(Source data)
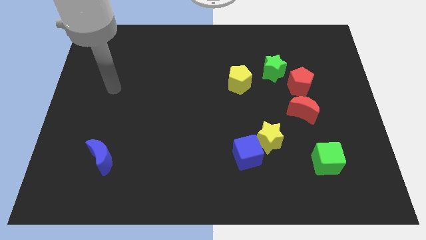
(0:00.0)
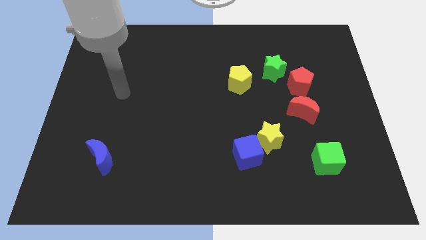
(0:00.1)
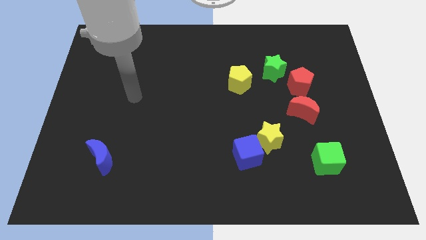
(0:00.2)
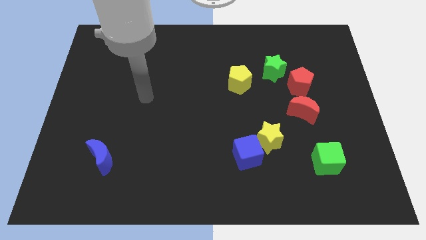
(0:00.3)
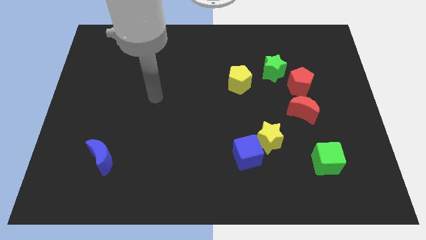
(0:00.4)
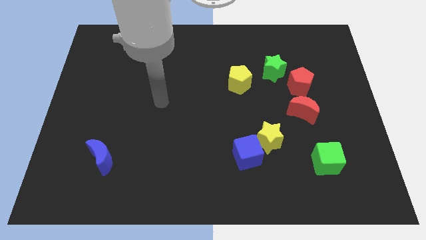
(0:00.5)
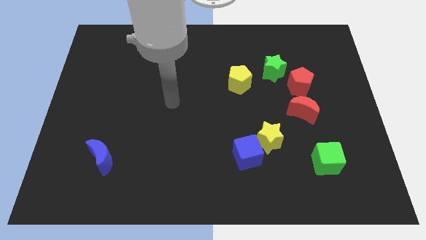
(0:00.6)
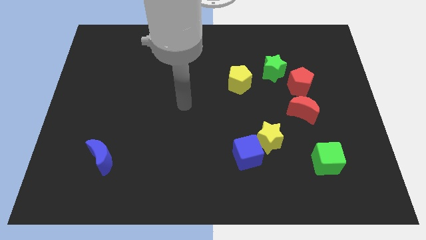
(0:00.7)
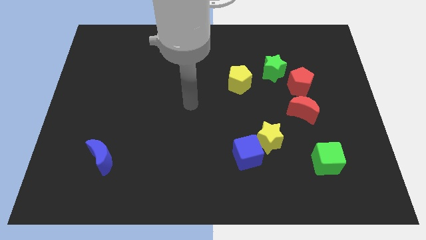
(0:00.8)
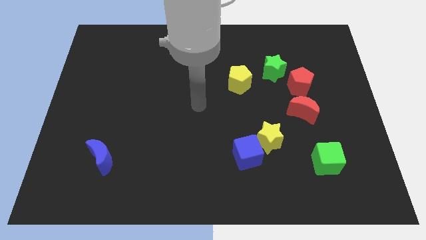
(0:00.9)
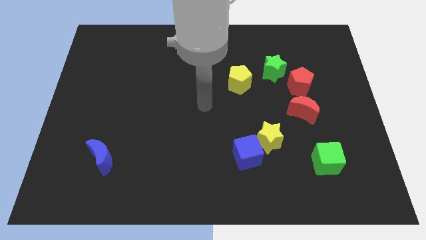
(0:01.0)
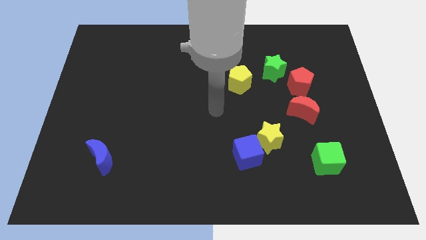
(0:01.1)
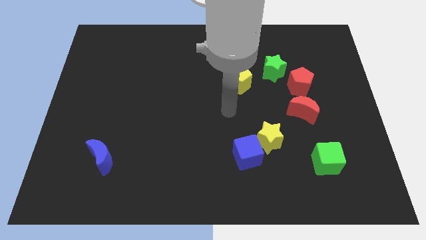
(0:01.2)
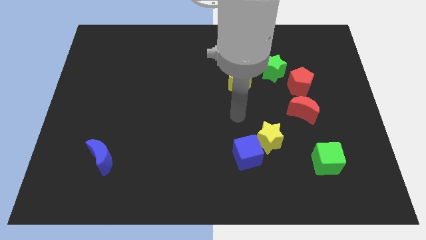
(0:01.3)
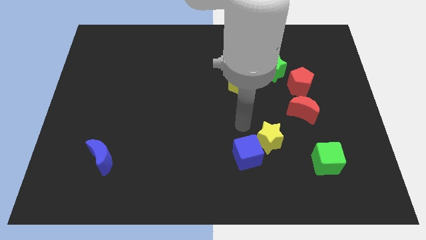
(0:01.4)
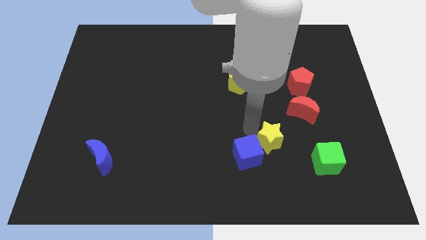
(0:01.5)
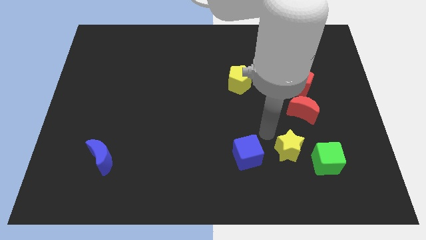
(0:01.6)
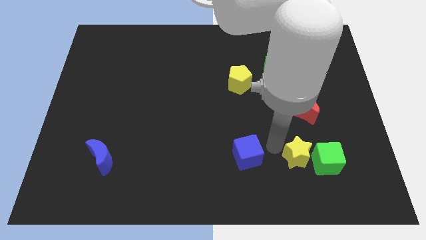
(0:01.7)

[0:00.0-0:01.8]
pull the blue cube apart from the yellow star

* Task statement: Keep the pictures out, and write out the rest of the data above word for word.

* Solution:
(0:00.0)
(0:00.1)
(0:00.2)
(0:00.3)
(0:00.4)
(0:00.5)
(0:00.6)
(0:00.7)
(0:00.8)
(0:00.9)
(0:01.0)
(0:01.1)
(0:01.2)
(0:01.3)
(0:01.4)
(0:01.5)
(0:01.6)
(0:01.7)

[0:00.0-0:01.8]
pull the blue cube apart from the yellow star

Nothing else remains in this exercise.